Commande artistique participative initiée pour la saison Liberté !, en collaboration avec le Festival Chahuts, le Travelling de l’artiste performeur suisse Massimo Furlan, invite à une découverte insolite nocturne de la zone portuaire bordelaise. Le port autonome de Bordeaux, magnifié dans son étrangeté poétique, sert de coulisses à cette création. Comme des touristes dans leur propre ville, les spectateurs embarquent pour une visite en BatCub, à travers la nuit qui dévoile l’envers du décor d’un lieu industriel au cœur de l’activité et de l’histoire de Bordeaux, méconnu des Bordelais.

Au gré de la lumière d’un projecteur, des scènes furtives, surgissent du noir. La fulgurance des scènes aperçues et l’atmosphère sonore qui accompagne le voyage offrent un récit fractionné qui raconte un espace singulier, poétique et troublant, et plonge le spectateur dans une fiction. En observant le paysage du port autonome depuis le ponton du bateau, comme un long plan de cinéma, un mouvement lent de travelling, la beauté et l’étrangeté d’un territoire familier et inconnu sont révélées.

Ex-Anima Bartabas / Théâtre équestre Zingaro

35 ans après sa création sur l’esplanade des Quinconces, Bartabas, artiste indomptable et imprévisible, présente la dernière création du théâtre équestre Zingaro, Ex-Anima, dans le cadre de la saison culturelle Liberté ! Bordeaux, qui a vu naître son aventure mythique, retrouve Zingaro en majesté, aux Quinconces, lieu historique de l’excellence et du populaire, pour 21 représentations exceptionnelles. Écuyer sans égal et pionnier d’une expression inédite conjuguant art équestre, musique, danse et dramaturgie, Bartabas a inventé et mis en scène une nouvelle forme de spectacle vivant : le théâtre équestre. Ce laboratoire du geste interroge depuis son ouverture l’enrichissement de l’art équestre par une pensée chorégraphique.

GIC Anthony Égéa / Compagnie Rêvolution

Le GIC (Groupe d’Intervention Chorégraphique) est un geste chorégraphique militant incarné par les danseurs du ballet urbain Rêvolution, créé par Anthony Égéa, et conçu pour se réapproprier les codes de la rue, matrice de la création hip-hop, et courant empreint de liberté. Destiné à se jouer des esthétiques de lieux patrimoniaux ou d’espaces publics, chaque acte du GIC rend par là même un vibrant et contemporain hommage à l’architecture et à la ville, bousculant l’espace public et les passants. En deux temps forts, en ouverture de l’Ambassade de la saison culturelle rue du Loup et dans le hall et aux abords de l’opéra de Bordeaux, les danseurs enfiévrés d’Anthony Égéa attrapent le public dans une chorégraphie effrénée et renversante d’énergie.

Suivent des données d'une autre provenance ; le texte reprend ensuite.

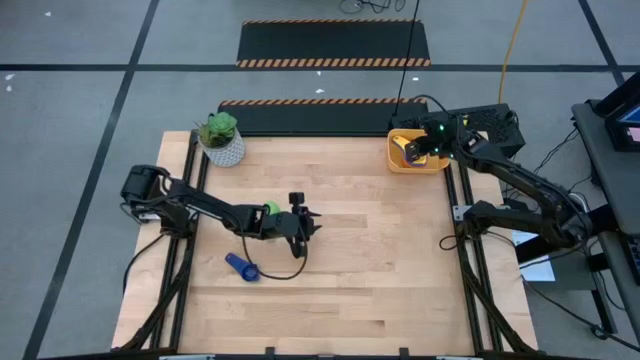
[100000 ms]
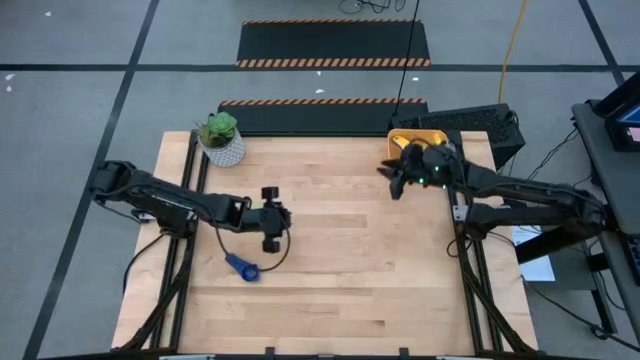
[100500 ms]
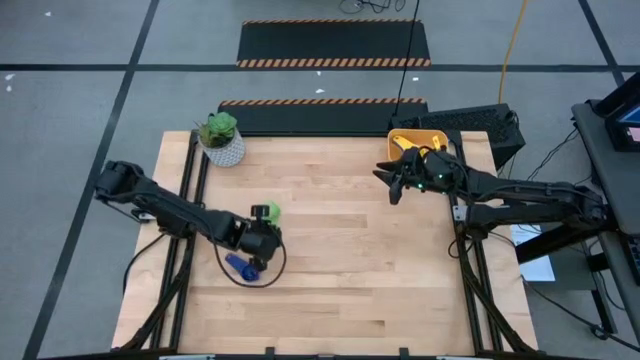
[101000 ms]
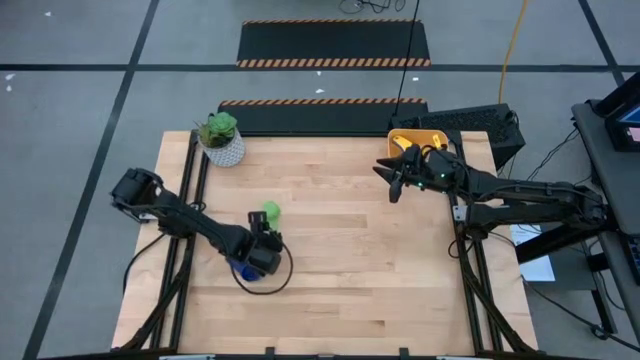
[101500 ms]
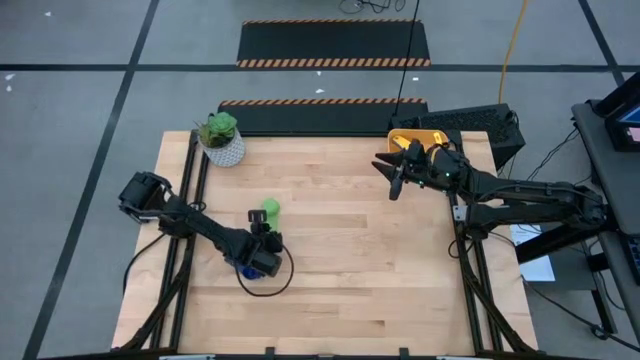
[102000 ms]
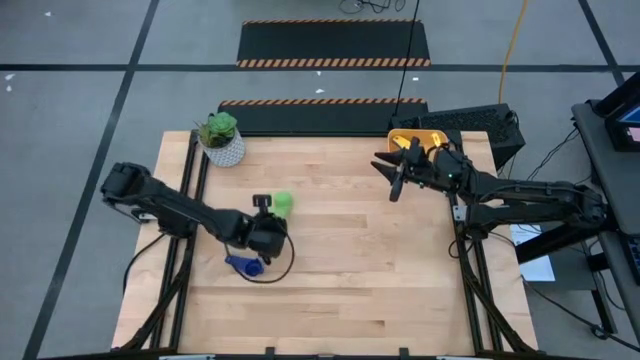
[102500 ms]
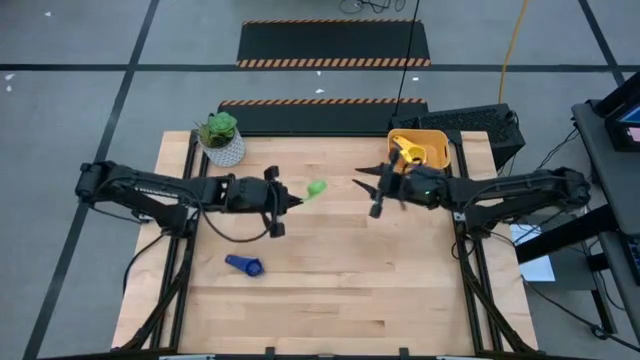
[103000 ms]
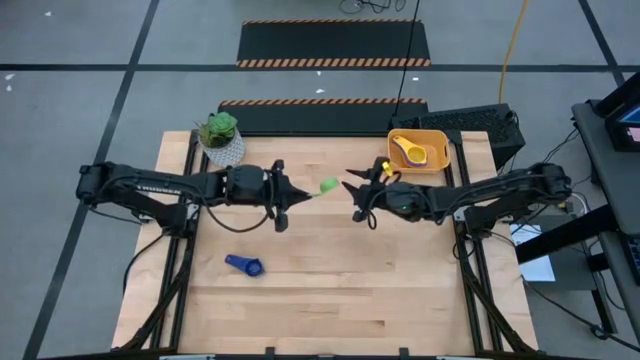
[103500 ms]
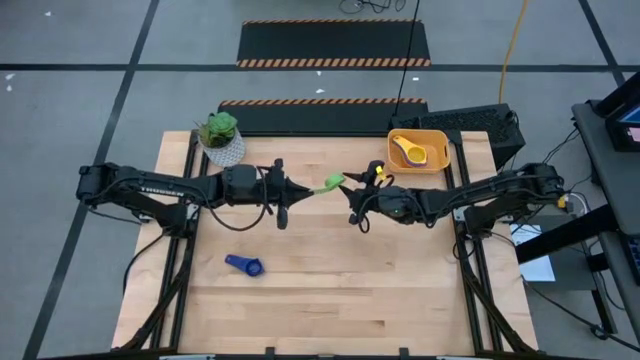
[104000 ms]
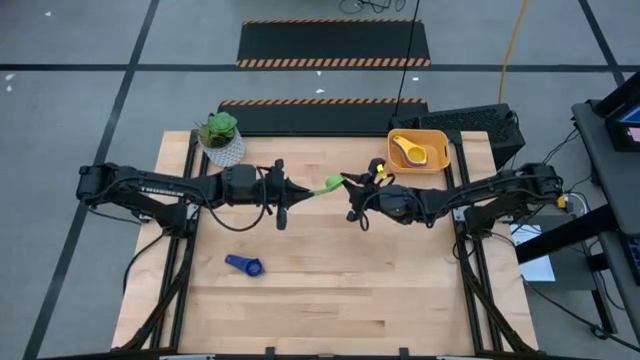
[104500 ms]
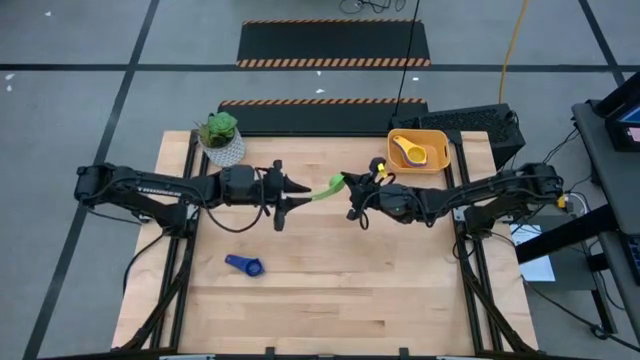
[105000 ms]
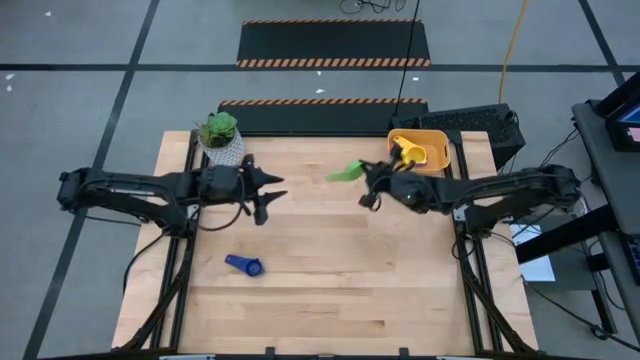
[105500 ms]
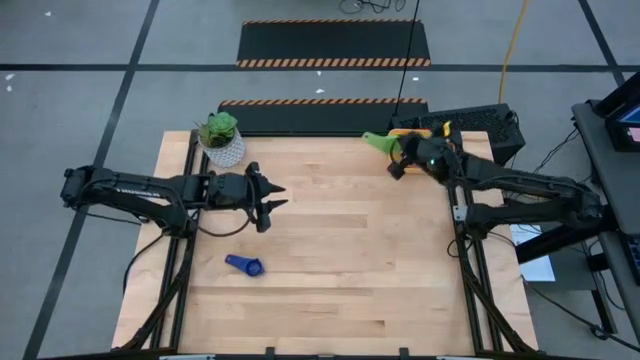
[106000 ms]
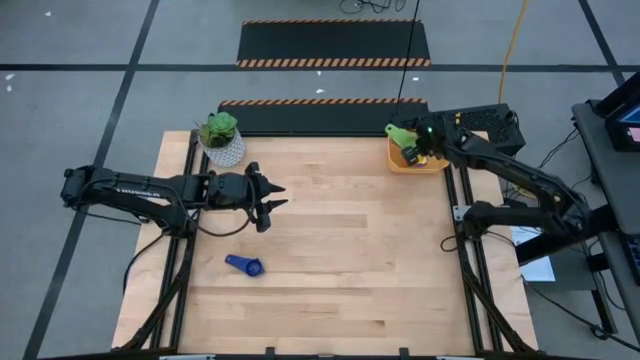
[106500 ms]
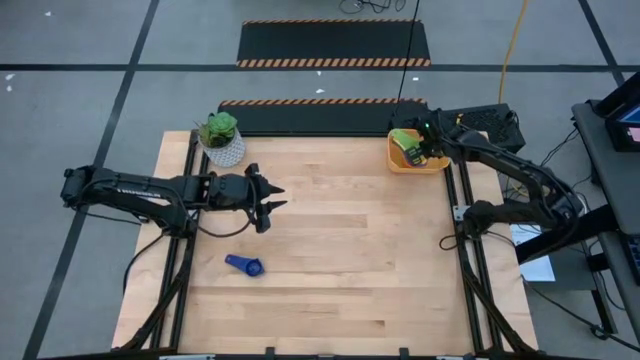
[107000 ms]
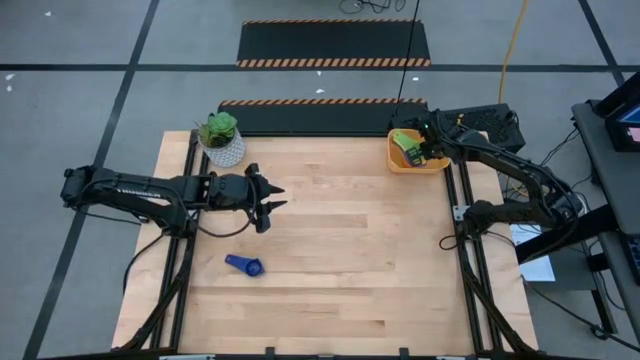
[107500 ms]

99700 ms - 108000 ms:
Task: Nest measuring cups in basket
Stack the green measuring cup on top of the yellow measuring cup into the bin

Républiques Nomades Yes We Camp

Pendant deux mois, Yes We Camp invite des publics issus d’horizons multiples, rassemblés par une envie d’implication commune, à participer à une tentative d’interrogation physique des enjeux liés à la liberté à travers la production d’une série de micro-nations itinérantes et éphémères, appelées Républiques Nomades. Ces micro-nations sont mouvantes et éphémères.

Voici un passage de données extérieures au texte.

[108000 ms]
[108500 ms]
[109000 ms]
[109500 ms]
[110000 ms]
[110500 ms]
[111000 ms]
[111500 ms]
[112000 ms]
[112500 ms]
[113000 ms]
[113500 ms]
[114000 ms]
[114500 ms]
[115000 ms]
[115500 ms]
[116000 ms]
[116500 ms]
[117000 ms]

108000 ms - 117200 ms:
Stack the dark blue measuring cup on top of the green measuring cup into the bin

Organisées en lien avec des acteurs locaux, artistes ou activistes d’ici et d’ailleurs, les Républiques Nomades se déplacent dans plusieurs sites de la métropole, alliant différents contextes sociaux, géographiques et historiques, avec l’enjeu à chaque nouvel événement d’explorer la thématique de la liberté. Au coeur de la démarche, s’active une série d’activités participatives de 24 heures avec une expérience nocturne collective. Chaque République établit ses propres règles d’usage (droits, devoirs, territoire, citoyenneté) tout en étant « représentée » au sein de l’Ambassade de la saison culturelle.